# [SOLVED] An error occured during communication with the server. this is a dns error (



## ps3user (Jun 7, 2009)

okk so i've been trying to do this for a long time and im pretty frustrated...
ive done all the cmd things and ive got my ip address, all that info and a router but idk what to do. heres my info. 

WINDOWS IP CONFIGURATION

HOST NAME.........DD7PTS51
PRIMARY DNS SUFFIX..........
NODE TYPE..........UNKNOWN
IP ROUTING ENABLED........NO 
WINS PROXY ENABLED........NO
DNS SUFFIX SEARCH LIST........CHN.COMCAST.NET

ETHERNET ADAPTER LOCAL AREA CONNECTION

CONNECTION-SPECEIFIC DNS SUFFIX. CHN.COMCAST.NET
DESCRIPTION...........INTEL(R) PRO/100 VE NETWORK CONNECTION 

PHYSICAL ADDRESS...........00-11-11-3F-EF-90
DCHP ENABLED................YES
AUTOCONFIGURATION ENABLED........YES
IP ADDRESS..........192.168.0.11
SUBNET MASK..............255.255.255.0
DEFAULT GATEWAY..................192.168.0.1
DHCP SERVER.....................192.168.0.1
DNS SERVERS...............68.87.64.146
68.87.75.194
192.168.0.1



im trying to hookup my ps3 online.
its wireless
i filled out all the network settings but it keeeps on failing when connecting.
help me please


----------



## Jason09 (Jan 3, 2009)

*Re: An error occured during communication with the server. this is a dns error (80710*

Hi and welcome to TSF!
Have you tried using an Ethernet cable?


----------



## ps3user (Jun 7, 2009)

*Re: An error occured during communication with the server. this is a dns error (80710*

no 
i have a wireless router


----------



## ps3user (Jun 7, 2009)

*Re: An error occured during communication with the server. this is a dns error (80710*

would a firewall not let me connect?


----------



## Jason09 (Jan 3, 2009)

*Re: An error occured during communication with the server. this is a dns error (80710*

The firewall on your router may prevent you from connecting to the PS Network.
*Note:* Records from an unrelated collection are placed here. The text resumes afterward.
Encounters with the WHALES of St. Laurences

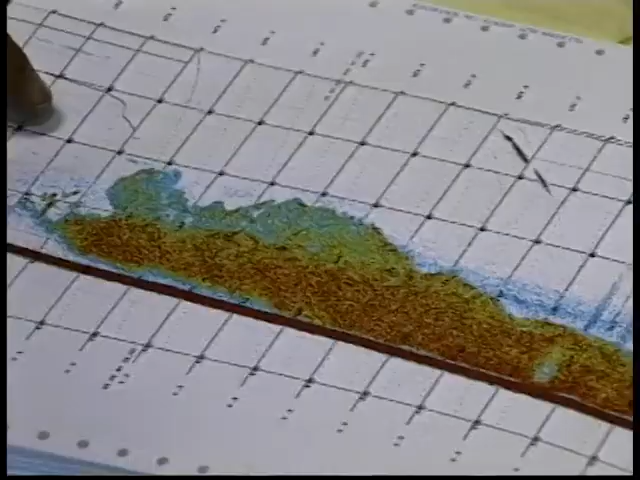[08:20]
researchers from Fisheries and Oceans Canada
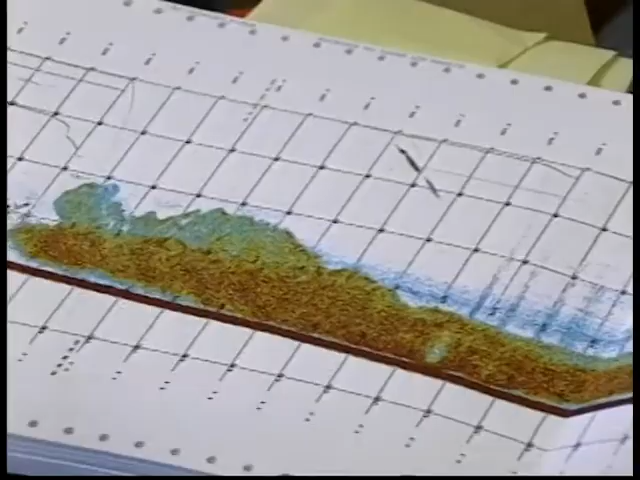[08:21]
use sonars that send sound waves through the water to locate schools of crustaceans and fish.
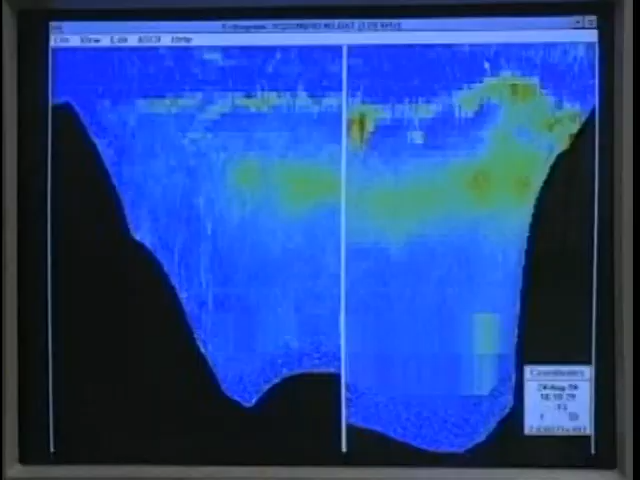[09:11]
They can then evaluate and map the whales' food sources.
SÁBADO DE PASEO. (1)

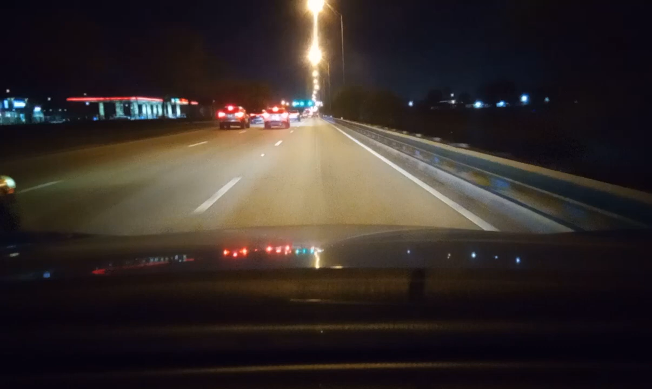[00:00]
comenzó la fiesta de paseo por las calles de Miami. Y aquí regresamos de nuevo a Hialeah y después salimos otra vez para Miami. Hoy es sábado 20 de enero del 2024, 6:50 de la tarde-noche. Subió la temperatura a 70 grados, ayer estaba a 68.
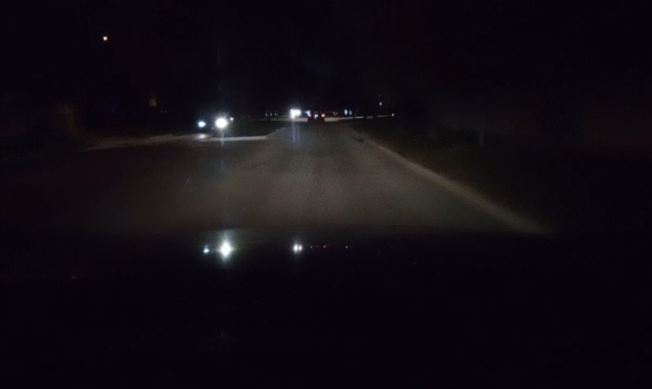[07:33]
Bueno, 6:59 de la noche, van a dar las 7 de la noche acá en la ciudad de Hialeah. En unos minutos vamos a entrar otra vez a la ciudad de Miami. Esta es la noche del sábado 20 del 2024.
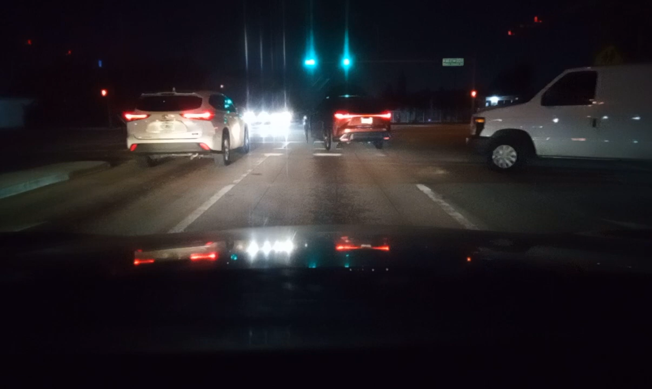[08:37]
Hialeah, mira, se tiene todos los dos, ¿no? Todas las luces las tienen, están en paz. Y esta también, mira. No, tiene como una chapita. Adorno de Navidad hoy 20 de enero.
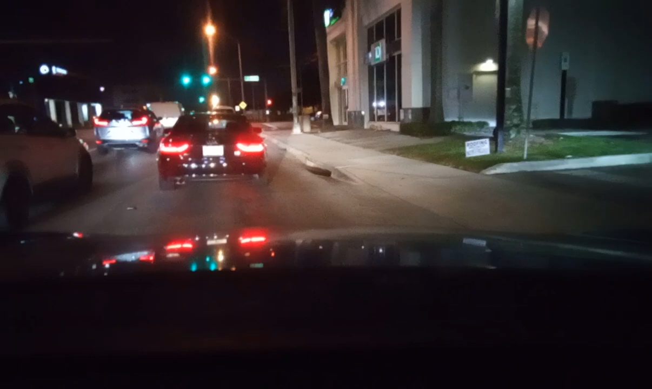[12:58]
¿Tú ves? Que no. Aquí estamos en la 49. Miren cómo está esto alumbradito. El negocio va, el negocio viene.
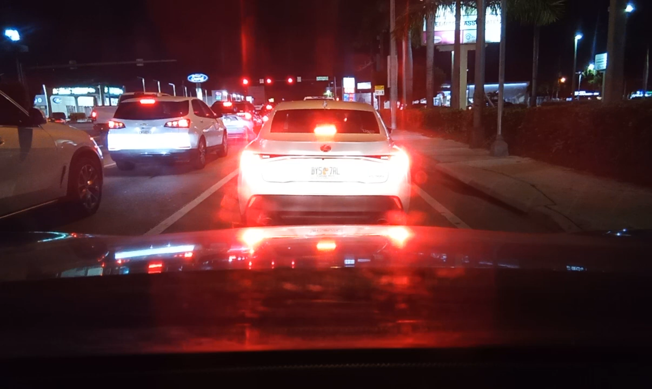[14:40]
Eso es malo, cuando quiere un carro virar, se viene uno caminando. Mira qué lento, ahora ves que va a doblar.
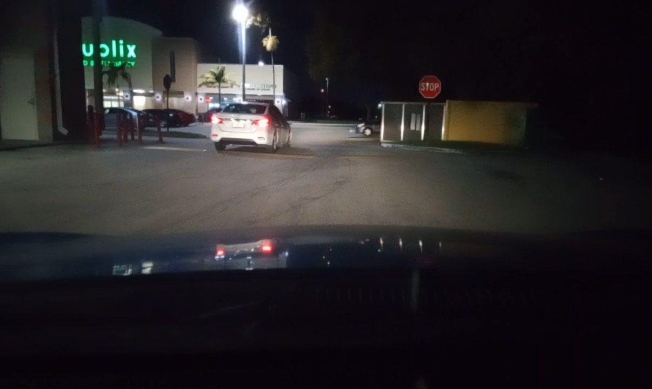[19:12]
Mira cómo están con los patos y eso, mira. Mira eso. Mira, le están echando comida. Ay, cómo hay pato. Le están echando comida. Vas a entrar.
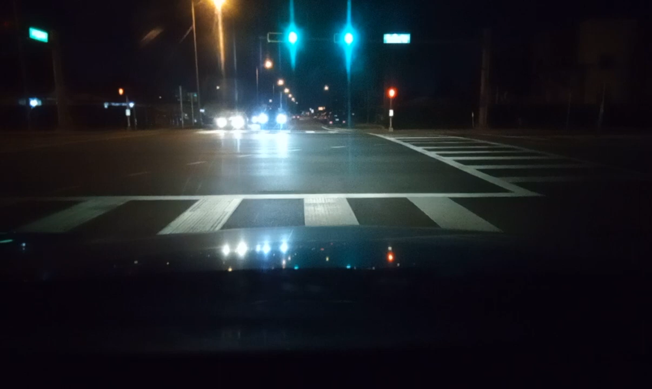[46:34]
Y pusieron la verde. Tú ves cómo tapa ese aquí, este árbol.
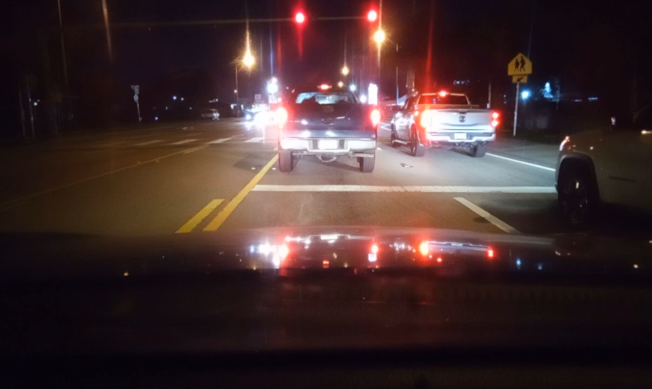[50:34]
¿Tú crees? Sí. Ahí está la luz verde. Vamos en dirección a la 62 calle. Vamos a estar llegando casi a las 8 de la noche a la casa. Cerca, antes de las 8.

Although I feel that the problem now is not directly related to that (this is before), it may still help to open the ports. What is the exact make and model of the router?


----------



## ps3user (Jun 7, 2009)

*Re: An error occured during communication with the server. this is a dns error (80710*

i finally got it working.
i needed the wep key
thanks for the help


----------



## Jason09 (Jan 3, 2009)

*Re: An error occured during communication with the server. this is a dns error (80710*

Ok, you can mark the thread solved by clicking the Mark this Thread as Solved option under Thread Tools.:smile:


----------